CD digipack 3 volets. Photographies de Birthe Klementowski.
Disponibles sous divers formats numériques plus 1 titre bonus

chronique

Styles
ambient
Styles personnels
dark-melancholambient

Avec une régularité bienvenue depuis ces trois dernières années Johan Levin nous livre un nouveau chapitre de son projet Desiderii Marginis. Taxé abusivement à ses débuts il y a déjà dix ans de clone de Raison d’Être (LA référence de la dark-ambient "sacrée" en Europe) pour cause de caractéristiques communes assez marquées (chants grégoriens, cloches et autres attributs gothico-mystiques) le suédois aura pourtant démontré très rapidement une sensibilité propre et une approche différente de celle de son compatriote. Moins introspective et plus axée sur l’évocation et la provocation d’images et de rêves éveillés, la musique de Desiderii Marginis a su évoluer naturellement, développant des structures harmonieuses et hypnotiques entre nappes éthérées, mélodies de plus en plus présentes et séquences de saturation maîtrisée dans un souci de conserver une atmosphère intègre. Depuis "The ever green tree" (2005), les apparitions sporadiques d’arpèges folk révèlent une dimension beaucoup moins hermétique qui sert avec brio la trame ambient et la préserve de la redondance laborieuse. Seven sorrows s’annonce comme une nouvelle étape dans ce domaine, reprenant à son compte l’aspect "contes & légendes" inspiré de The ever green tree et celui plus triste que sombre de "That which is tragic and timeless" (2006) dont la thématique intemporelle s’affichait avec ostentation sur la musique elle-même. Loin d’une volonté de tout écraser par le poids immense et souvent phagocytant d’une alliance basses/distorsion bouche-trous, Seven sorrow s’impose par sa capacité à laisser respirer chaque thème de piano ou de guitare et chaque mélodie pour un résultat d’une extrême mélancolie. Un onirisme délicat s’en dégage qui parfois manque d’être quelque peu gâché par un recours trop systématique aux samples vocaux dont certaines boucles auraient gagnées à être raccourcies. Un défaut très mineur que l’écoute intégrale efface au fur et à mesure tant la teneur immersive de la musique de Desiderii Marginis fait mouche dès lors qu’on s’abandonne à la séduction de ces contes dark-ambient de toute beauté. Moins saisissant que les deux derniers albums mais incontestablement de la belle ouvrage.

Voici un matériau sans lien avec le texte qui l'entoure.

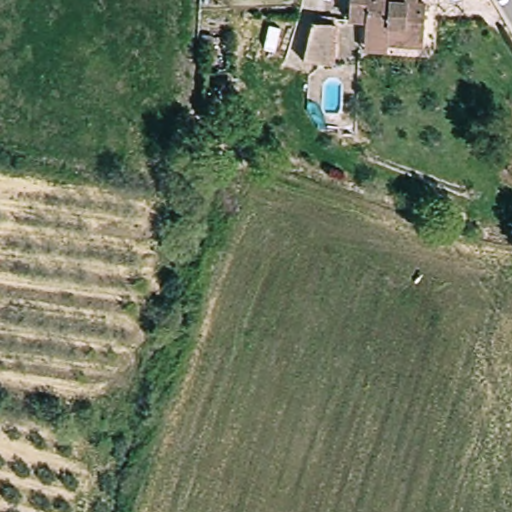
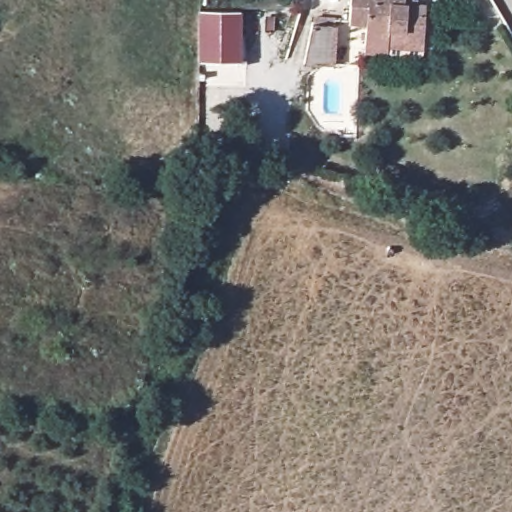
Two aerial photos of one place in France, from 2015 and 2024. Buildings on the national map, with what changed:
unchanged [(421,0),(420,7),(429,8),(420,50),(388,45),(387,50),(362,46),(366,20),(348,17),(351,0),(421,0)]
new [(197,61),(198,10),(240,12),(240,60),(197,61)]
unchanged [(343,26),(339,66),(308,65),(314,20),(343,26)]

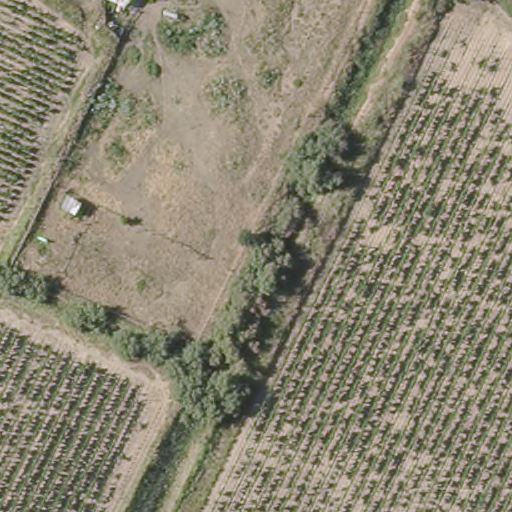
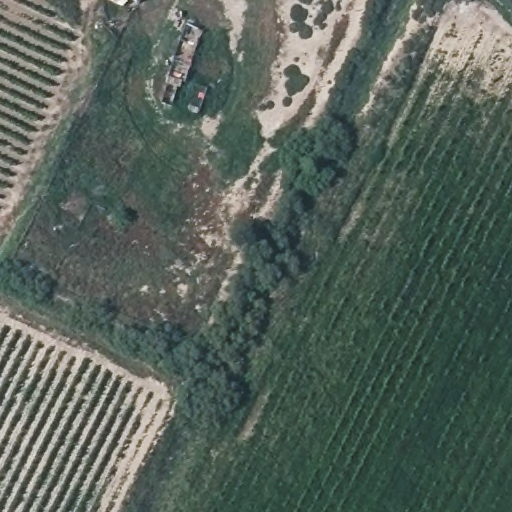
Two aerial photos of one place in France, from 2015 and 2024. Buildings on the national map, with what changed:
unchanged [(122,9),(104,0),(126,0),(122,9)]

note       Publiée le lundi 6 août 2007

réseaux sociaux

tags

Vous devez être connecté pour ajouter un tag sur "Seven Sorrows".

notes

Note moyenne        7 votes

Vous devez être membre pour ajouter une note sur "Seven Sorrows".

commentaires

Vous devez être membre pour ajouter un commentaire sur "Seven Sorrows".

FLRLNG › lundi 17 juin 2013 - 22:52  message privé !

"Onirisme délicat" convient très bien au style de desiderii marginis. L'obscurité devient apaisante et nous berce, rien d'angoissant ni de funèbre ici et c'est à mon sens ce qui le différencie largement de Raison d'être ou encore de New risen throne.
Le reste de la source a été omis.